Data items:
□ □ □ □

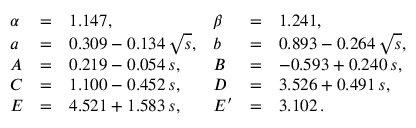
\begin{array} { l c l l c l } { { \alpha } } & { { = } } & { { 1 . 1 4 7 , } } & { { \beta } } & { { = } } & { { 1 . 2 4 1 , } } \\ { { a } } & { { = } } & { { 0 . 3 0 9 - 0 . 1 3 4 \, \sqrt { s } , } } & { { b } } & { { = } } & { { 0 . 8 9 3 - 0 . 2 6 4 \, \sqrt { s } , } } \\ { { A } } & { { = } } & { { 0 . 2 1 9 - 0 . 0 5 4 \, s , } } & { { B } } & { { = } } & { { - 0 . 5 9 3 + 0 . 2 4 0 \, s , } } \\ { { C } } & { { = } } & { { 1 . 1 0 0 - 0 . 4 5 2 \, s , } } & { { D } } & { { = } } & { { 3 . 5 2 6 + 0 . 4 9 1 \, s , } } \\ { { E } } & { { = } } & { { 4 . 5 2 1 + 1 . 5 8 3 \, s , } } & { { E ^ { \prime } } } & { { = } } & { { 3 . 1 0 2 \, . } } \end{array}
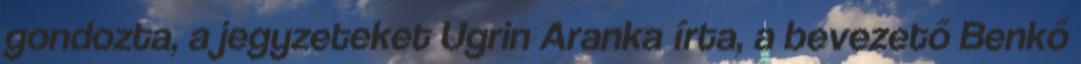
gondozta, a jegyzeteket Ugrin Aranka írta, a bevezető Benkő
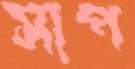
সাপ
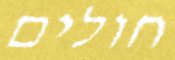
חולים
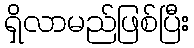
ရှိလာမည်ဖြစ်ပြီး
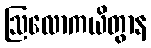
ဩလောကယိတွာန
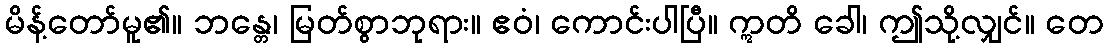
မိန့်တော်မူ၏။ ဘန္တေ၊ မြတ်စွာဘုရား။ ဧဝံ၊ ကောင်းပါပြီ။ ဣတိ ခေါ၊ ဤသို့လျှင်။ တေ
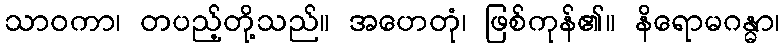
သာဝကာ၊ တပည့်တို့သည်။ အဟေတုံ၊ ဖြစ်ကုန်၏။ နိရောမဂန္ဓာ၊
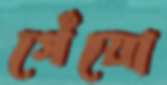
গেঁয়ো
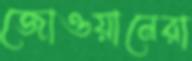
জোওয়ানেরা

□ □ □ □

Please restate the entries word for word, with all pictures left out.

\begin{array} { l c l l c l } { { \alpha } } & { { = } } & { { 1 . 1 4 7 , } } & { { \beta } } & { { = } } & { { 1 . 2 4 1 , } } \\ { { a } } & { { = } } & { { 0 . 3 0 9 - 0 . 1 3 4 \, \sqrt { s } , } } & { { b } } & { { = } } & { { 0 . 8 9 3 - 0 . 2 6 4 \, \sqrt { s } , } } \\ { { A } } & { { = } } & { { 0 . 2 1 9 - 0 . 0 5 4 \, s , } } & { { B } } & { { = } } & { { - 0 . 5 9 3 + 0 . 2 4 0 \, s , } } \\ { { C } } & { { = } } & { { 1 . 1 0 0 - 0 . 4 5 2 \, s , } } & { { D } } & { { = } } & { { 3 . 5 2 6 + 0 . 4 9 1 \, s , } } \\ { { E } } & { { = } } & { { 4 . 5 2 1 + 1 . 5 8 3 \, s , } } & { { E ^ { \prime } } } & { { = } } & { { 3 . 1 0 2 \, . } } \end{array}
gondozta, a jegyzeteket Ugrin Aranka írta, a bevezető Benkő
সাপ
חולים
ရှိလာမည်ဖြစ်ပြီး
ဩလောကယိတွာန
မိန့်တော်မူ၏။ ဘန္တေ၊ မြတ်စွာဘုရား။ ဧဝံ၊ ကောင်းပါပြီ။ ဣတိ ခေါ၊ ဤသို့လျှင်။ တေ
သာဝကာ၊ တပည့်တို့သည်။ အဟေတုံ၊ ဖြစ်ကုန်၏။ နိရောမဂန္ဓာ၊
গেঁয়ো
জোওয়ানেরা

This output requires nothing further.